It may seem that an athlete with three major victories and a world ranking of No.1 would be considered ‘on the rise’ and not ‘there.’ But when you rewind to WGC Bridgestone 2007, it is apparent there is still room for him to rise.
WGC Bridgestone from 2007: a dominant Tiger Woods. The large crowds followed him around the course. Aerial shots showed large portions of the course nearly empty and a massive crowd around Tiger’s putting green. Several stewards tagged along with Tiger taking cell phones if necessary and signaling to the crowd when they were to be quite and when they could cheer… And when they could cheer, they did cheer; wildly. Tiger blasted past Formula legend Michael Schumacher’s annual earnings record for an athlete. Pushing that number form $84 million to over $100 million. No athlete has a career earnings greater than Tiger… In any sport. And there still exist many, many casual golf fans who only tune in if Tiger is in contention.
Now, Mcilroy joins Tiger and Jack Nichlaus as the only golfers to have three major championship victories by the time they were 25. The newscasters are starting to say ‘Tiger and Rory,’ ‘Rory and Tiger.’ They are both Nike athletes, and the shoemaker has realized that they are becoming the two biggest names in golf, running commercial campaigns starring both.

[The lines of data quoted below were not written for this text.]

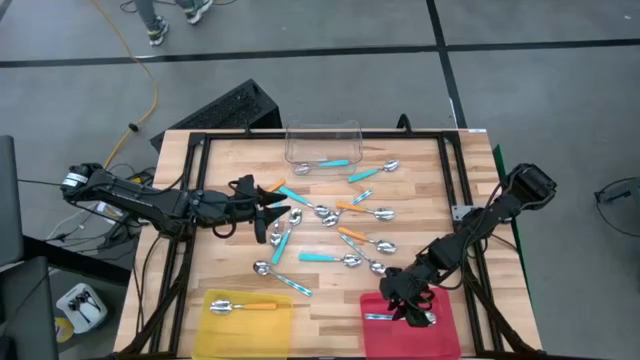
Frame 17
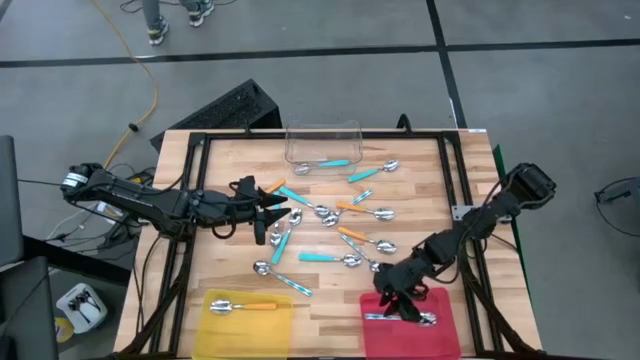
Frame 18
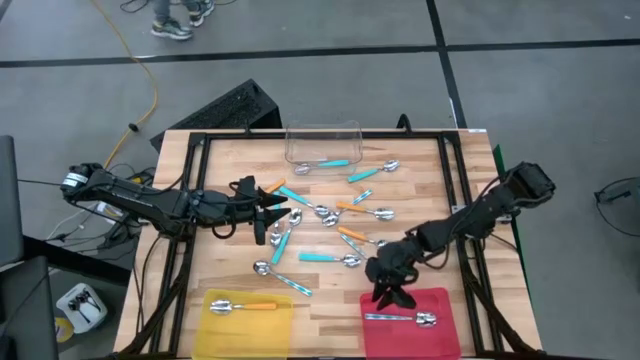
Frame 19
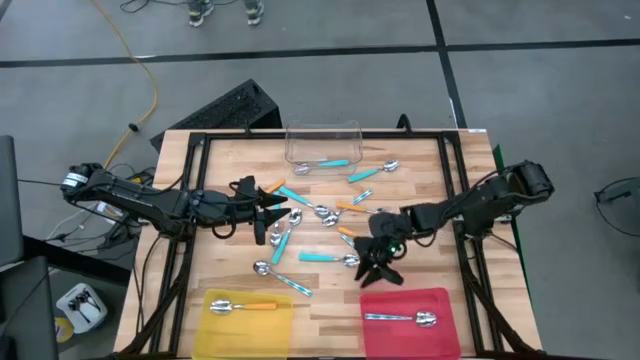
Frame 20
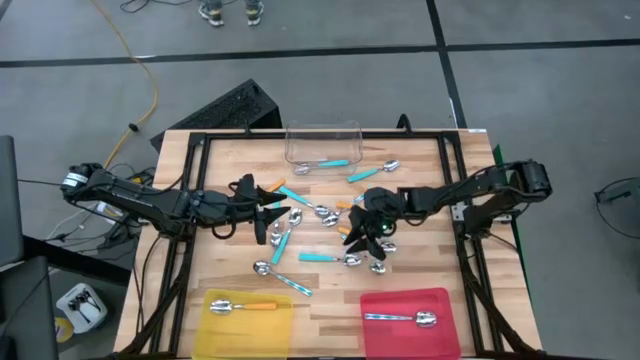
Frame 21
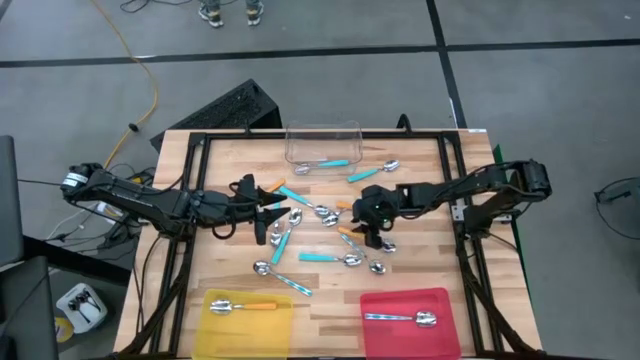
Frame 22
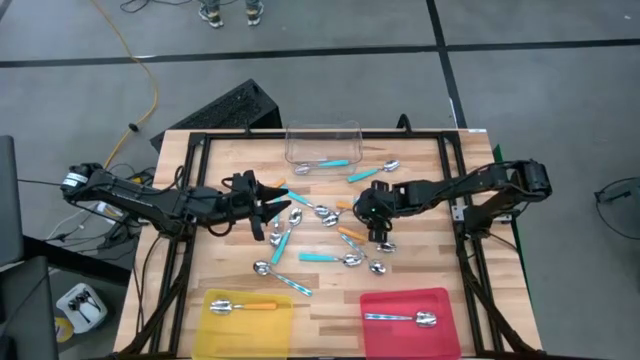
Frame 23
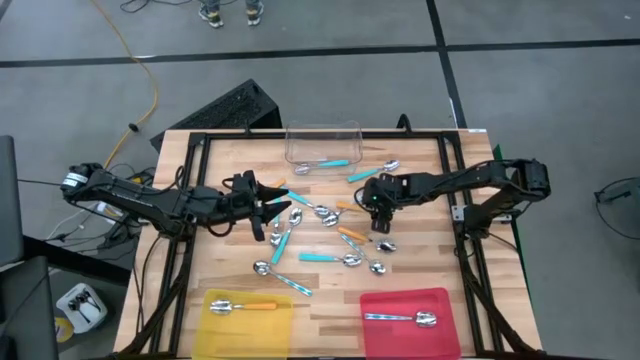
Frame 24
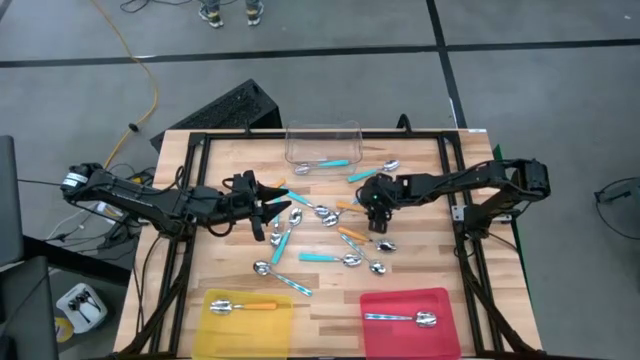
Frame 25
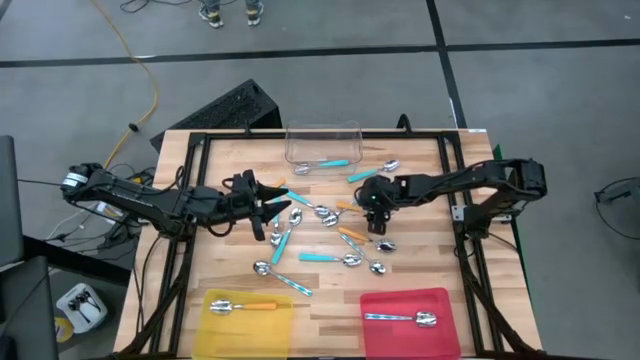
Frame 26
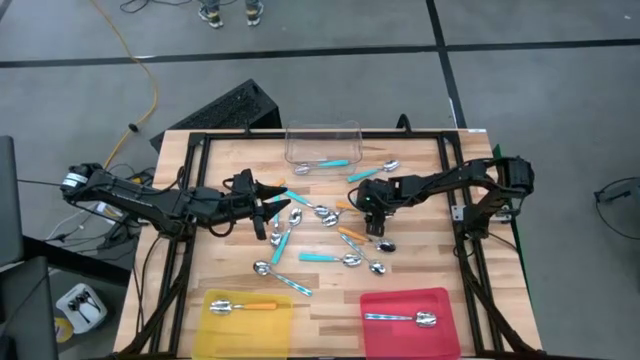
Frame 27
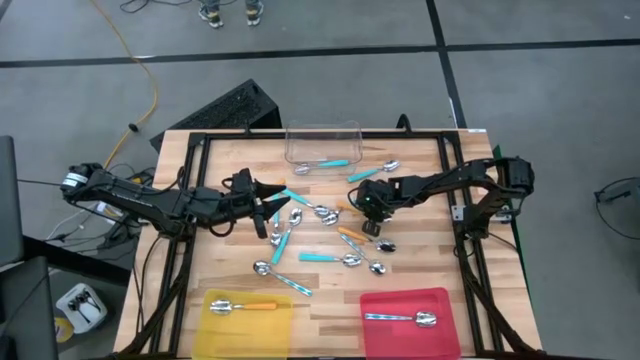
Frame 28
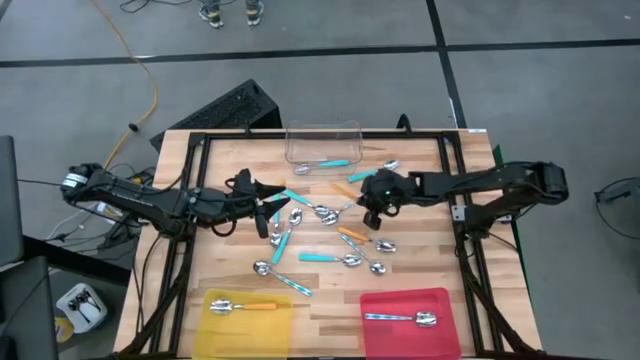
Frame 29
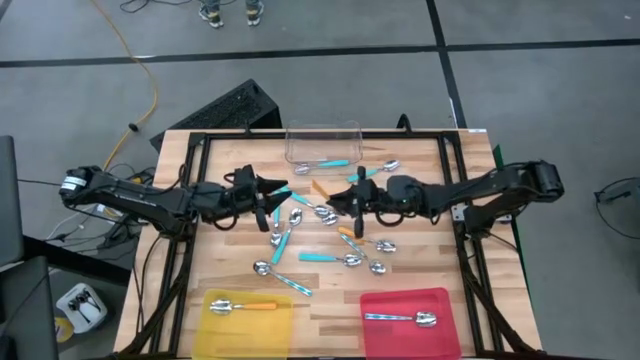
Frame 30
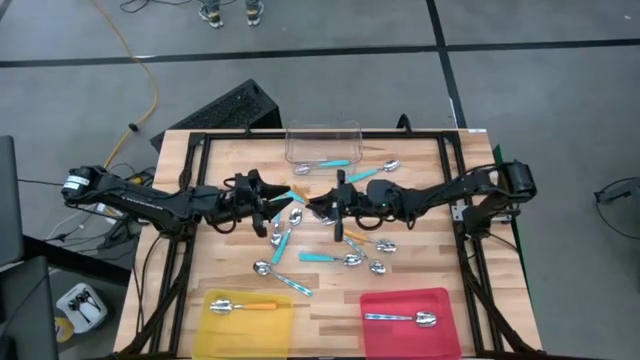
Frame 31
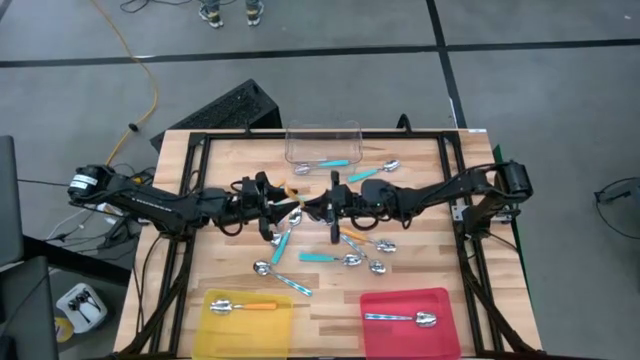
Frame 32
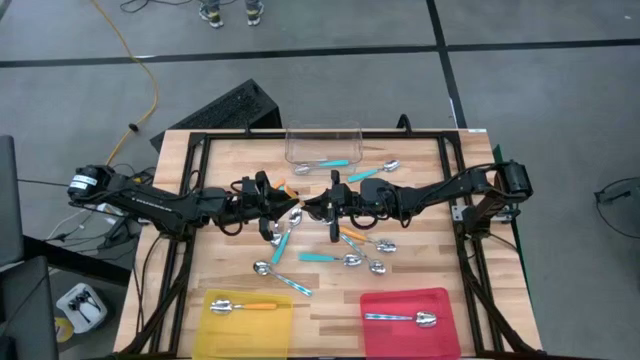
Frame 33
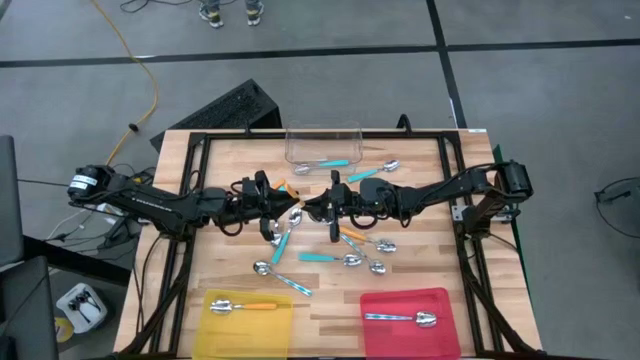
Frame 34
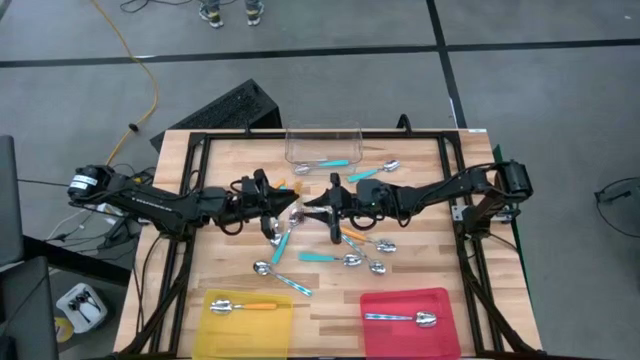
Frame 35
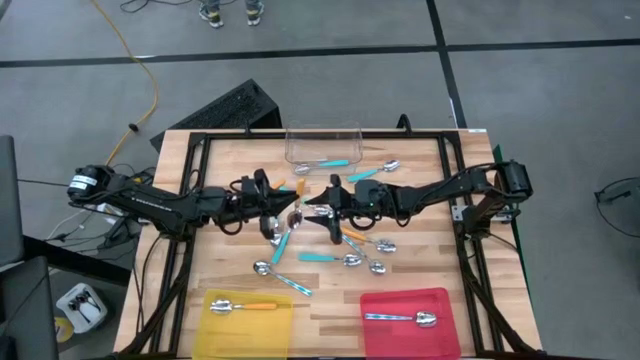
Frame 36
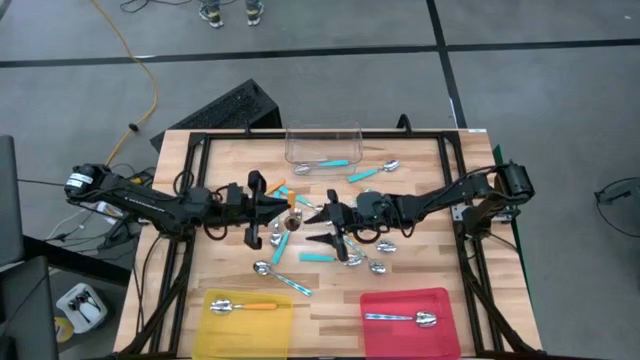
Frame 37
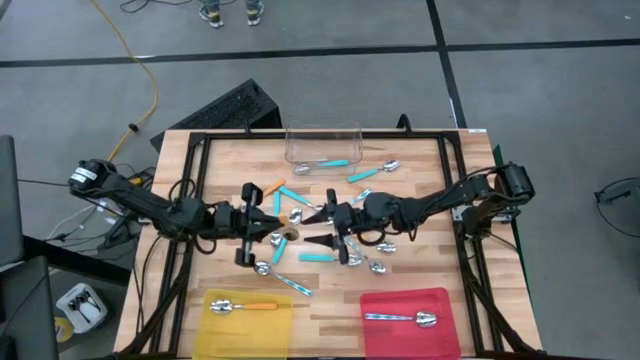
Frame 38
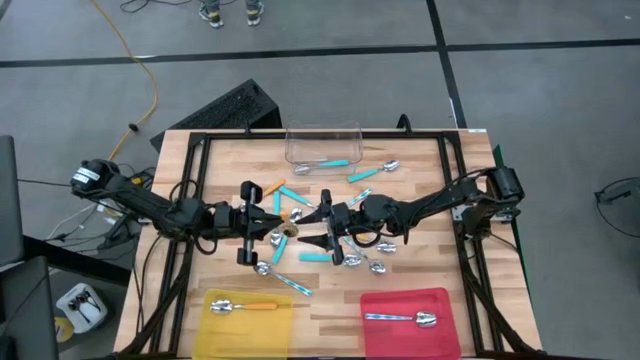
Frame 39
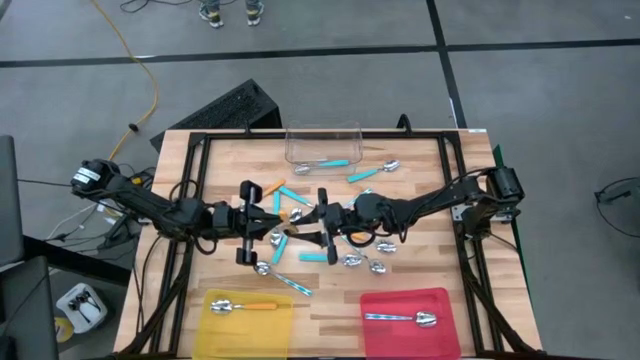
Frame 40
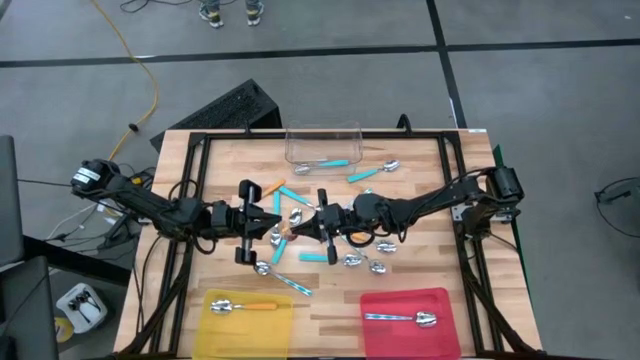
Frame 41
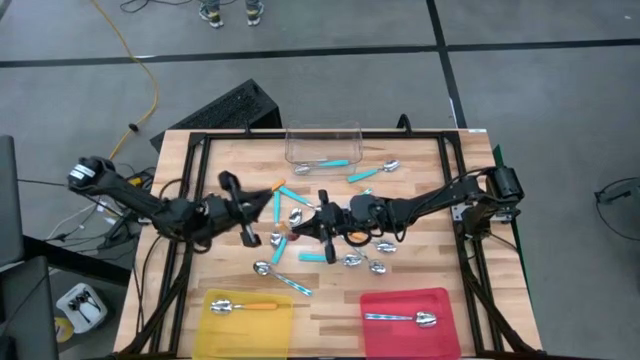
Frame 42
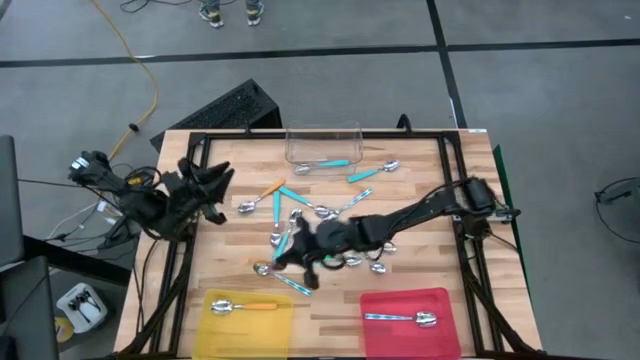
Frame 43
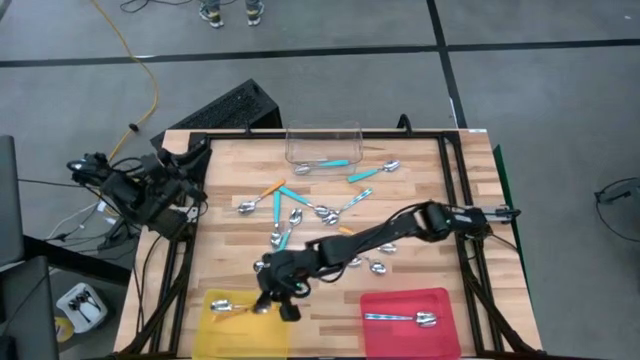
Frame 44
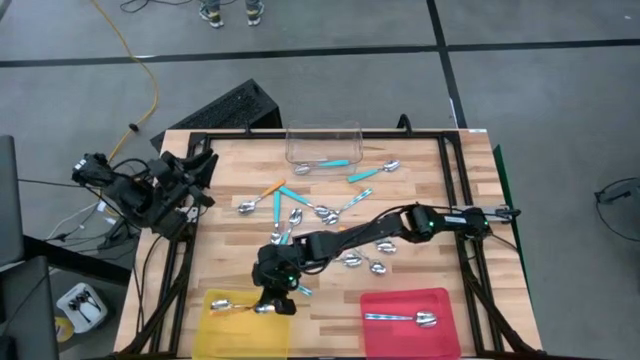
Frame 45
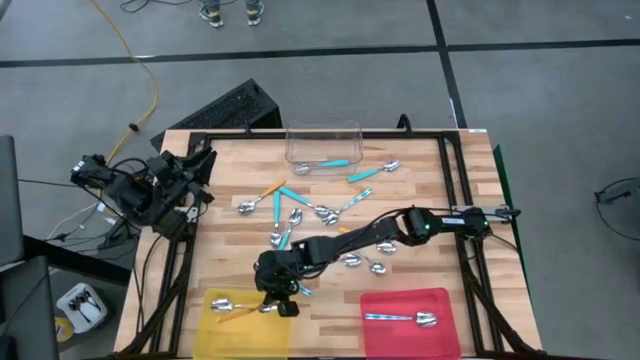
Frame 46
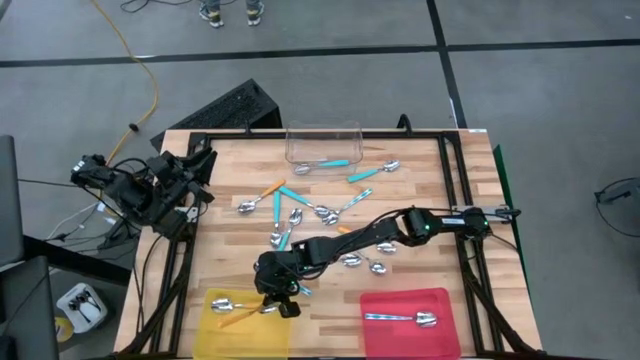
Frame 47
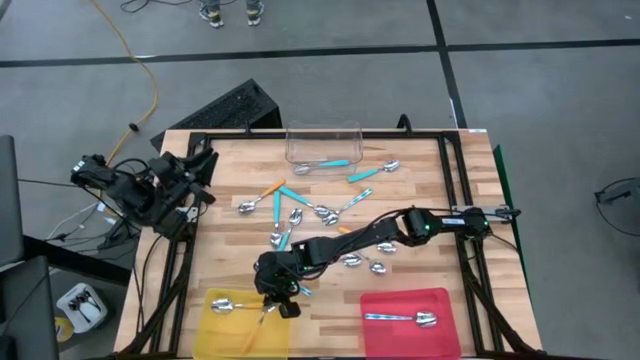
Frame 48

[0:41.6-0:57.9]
Task: Sort silverware by color (type)
Put the yellow spoon into the yellow bin

And now with Tiger’s fortunes seemingly to deteriorate at a consistency and seriousness that suggests we may never see him at his beast again, can Rory take over? There may never be another Tiger, but can Rory bring the casual fans back, and put the big corporate dollars front and center? That remains to be seen but with his 2014 Bridgestone victory Rory Mcilroy is certainly and athlete on the rise.